* What is required: Reproduce the whole listing word for word. Leave every image out.

════

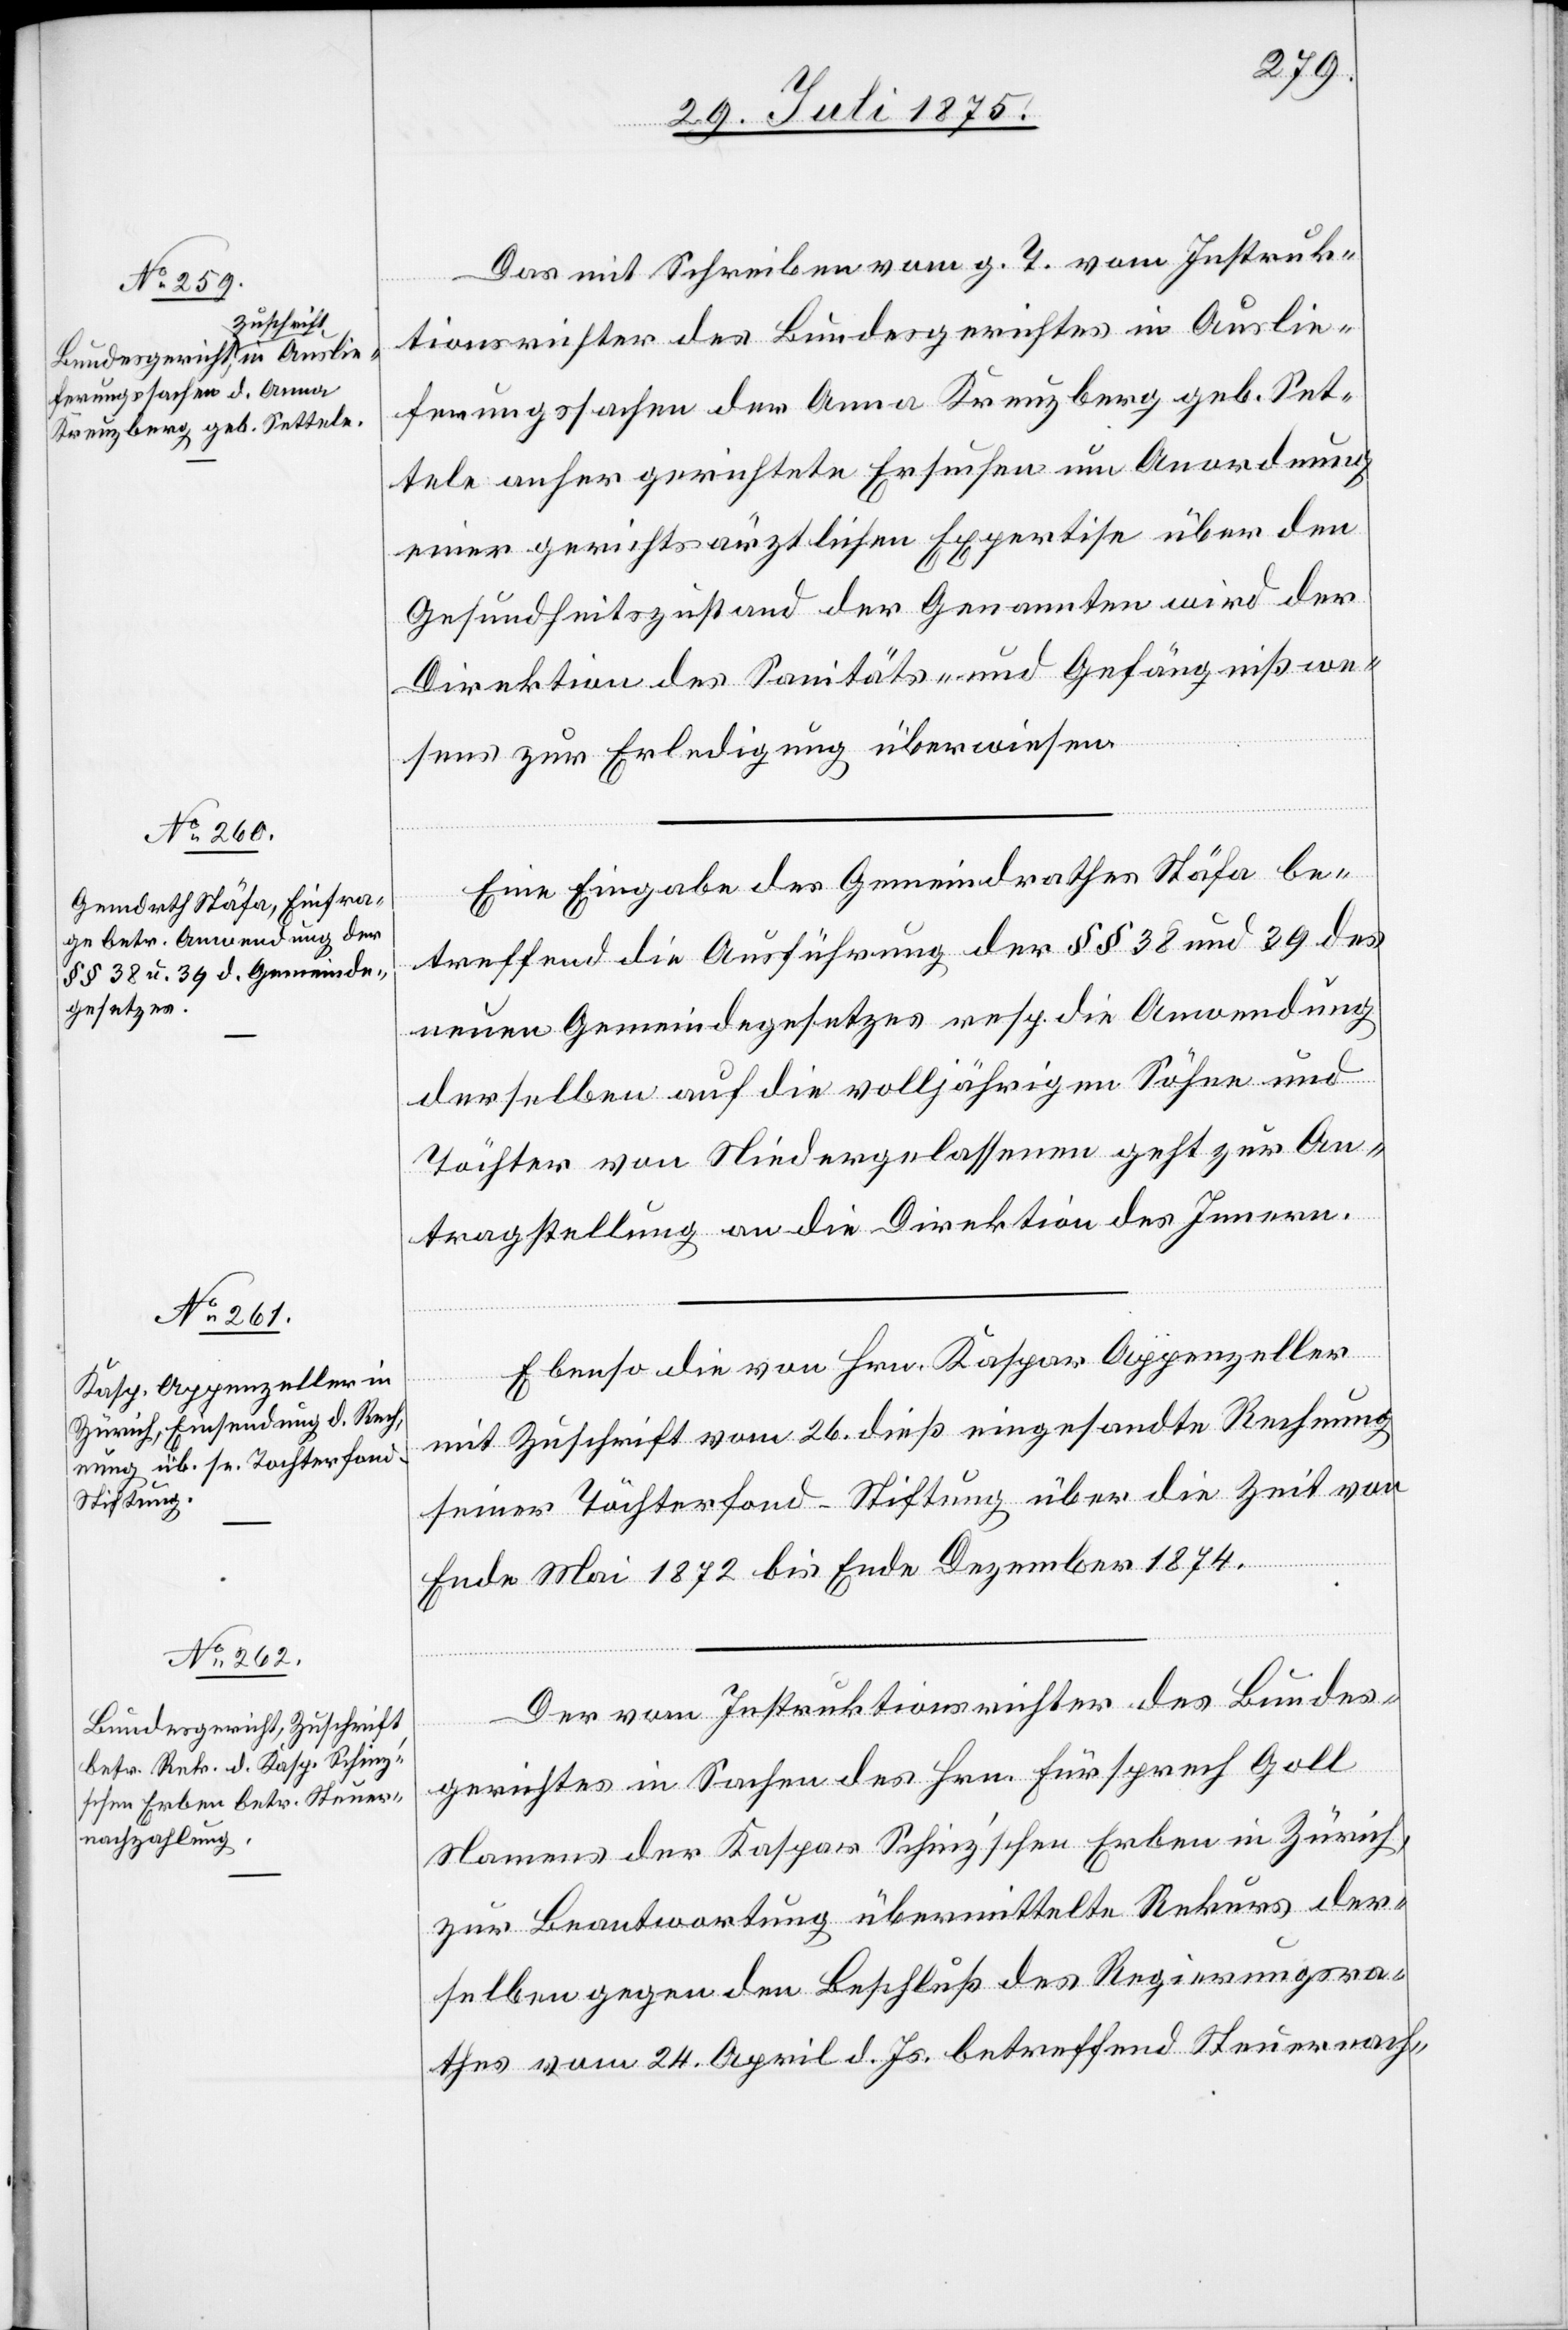
30.

1875.]
Das mit Schreiben vom g. T. vom Instruk¬
tionsrichter des Bundesgerichtes in Auslie¬
ferungssachen der Anna Kreuzberg geb. Set¬
tele anher gerichtete Ersuchen um Anordnung
einer gerichtsärztlichen Expertise über den
Gesundheitszustand der Genannten wird der
Direktion des Sanitäts- und Gefängnißwe¬
sens zur Erledigung überwiesen.
Eine Eingabe des Gemeindrathes Stäfa be¬
treffend die Ausführung der §§ 38 und 39 des
neuen Gemeindegesetzes resp. die Anwendung
derselben auf die volljährigen Söhne und
Töchter von Niedergelassenen geht zur An¬
tragstellung an die Direktion des Innern.
Ebenso die von Hrn. Kaspar Appenzeller
mit Zuschrift vom 26. dieß eingesandte Rechnung
seiner Töchterfond-Stiftung über die Zeit von
Ende Mai 1872 bis Ende Dezember 1874.
Der vom Instruktionsrichter des Bundes¬
gerichtes in Sachen des Hrn. Fürsprech Goll
Namens der Kaspar Schinz’schen Erben in Zürich,
zur Beantwortung übermittelte Rekurs der¬
selben gegen den Beschluß des Regierungsra¬
thes vom 24. April d. Js. betreffend Steuernach-

════

* Response below:
30.

1875.]
Das mit Schreiben vom g. T. vom Instruk¬
tionsrichter des Bundesgerichtes in Auslie¬
ferungssachen der Anna Kreuzberg geb. Set¬
tele anher gerichtete Ersuchen um Anordnung
einer gerichtsärztlichen Expertise über den
Gesundheitszustand der Genannten wird der
Direktion des Sanitäts- und Gefängnißwe¬
sens zur Erledigung überwiesen.
Eine Eingabe des Gemeindrathes Stäfa be¬
treffend die Ausführung der §§ 38 und 39 des
neuen Gemeindegesetzes resp. die Anwendung
derselben auf die volljährigen Söhne und
Töchter von Niedergelassenen geht zur An¬
tragstellung an die Direktion des Innern.
Ebenso die von Hrn. Kaspar Appenzeller
mit Zuschrift vom 26. dieß eingesandte Rechnung
seiner Töchterfond-Stiftung über die Zeit von
Ende Mai 1872 bis Ende Dezember 1874.
Der vom Instruktionsrichter des Bundes¬
gerichtes in Sachen des Hrn. Fürsprech Goll
Namens der Kaspar Schinz’schen Erben in Zürich,
zur Beantwortung übermittelte Rekurs der¬
selben gegen den Beschluß des Regierungsra¬
thes vom 24. April d. Js. betreffend Steuernach-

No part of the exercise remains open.